Foto: Rafael Calviño.

“Mis convicciones son que en una novela tiene que pasar de todo”, dice Gorodischer. No sólo en sus novelas. En su vida pasó de todo. Fue traducida a más de cinco idiomas. Fue generadora de varios encuentros de escritoras en Argentina. Es una de las principales autoras de la literatura de ciencia ficción. Es, cómo no, una de las principales autoras de la literatura nacional. Ganó premios, premios y más premios. Citemos el primero: el Vea y Lea para cuentos policiales, en el 64. Citemos uno más reciente: el del Instituto de Literatura y Cultura Hispánica, en el 2007, por su trayectoria. Pluma fecunda, tiene en su haber libros de cuentos como Bajo las jubeas en flor (1973) o novelas como Doquier (2002).

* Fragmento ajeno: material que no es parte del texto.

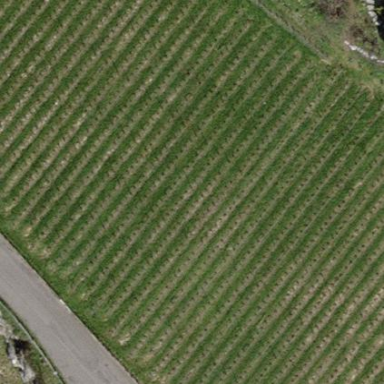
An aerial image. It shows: Vineyard where grapes are grown.

A sus últimas dos las parió casi a la vez, aunque fueron publicadas con unos meses de distancia. Son Tirabuzón (Ed. Fundación Ross) y la recién salida Las señoras de la calle Brenner (Emecé). En ambas, las mujeres transitan una gesta personal que hace brotar su fortaleza. En Tirabuzón, Helena habla con los personajes históricos, de los libros que leyó, que de algún modo la habitan. En Las señoras de la calle Brenner, Alaíde y Zelma se conocen entre los escombros de una ciudad, de una vida, de una historia. Juntas se rearman, se reinventan en una situación en la que no abundan las palabras, en las que escasean las explicaciones. Las dos novelas dejan ver el oficio de Gorodischer, y su poesía: una cuerda tensa y delicada que nunca baja la guardia.

-¿Cómo nacieron estas novelas?

Tirabuzón se escribió rápido. Yo me cuento historias. Siempre me cuento historias. No sirven para nada, son una porquería, son sentimentaloides, estúpidas,  llenas de lugares comunes, pero yo sé que son historias que me cuento para entretenerme; nada más.

-¿Cuándo te las contás?

-Por ejemplo, cuando estoy en la cola del supermercado y veo seis viejas con los carritos llenos. Y me digo: “Entonces vino una mujer que estaba en tal parte” y así… Toda mi vida hice eso. No sirven para un carajo. Pero entre todas esas historias había una que me dije que podía servir. Y estábamos en Brasil, yo no tenía que hacer nada, y la escribí y la terminé en un veraneo.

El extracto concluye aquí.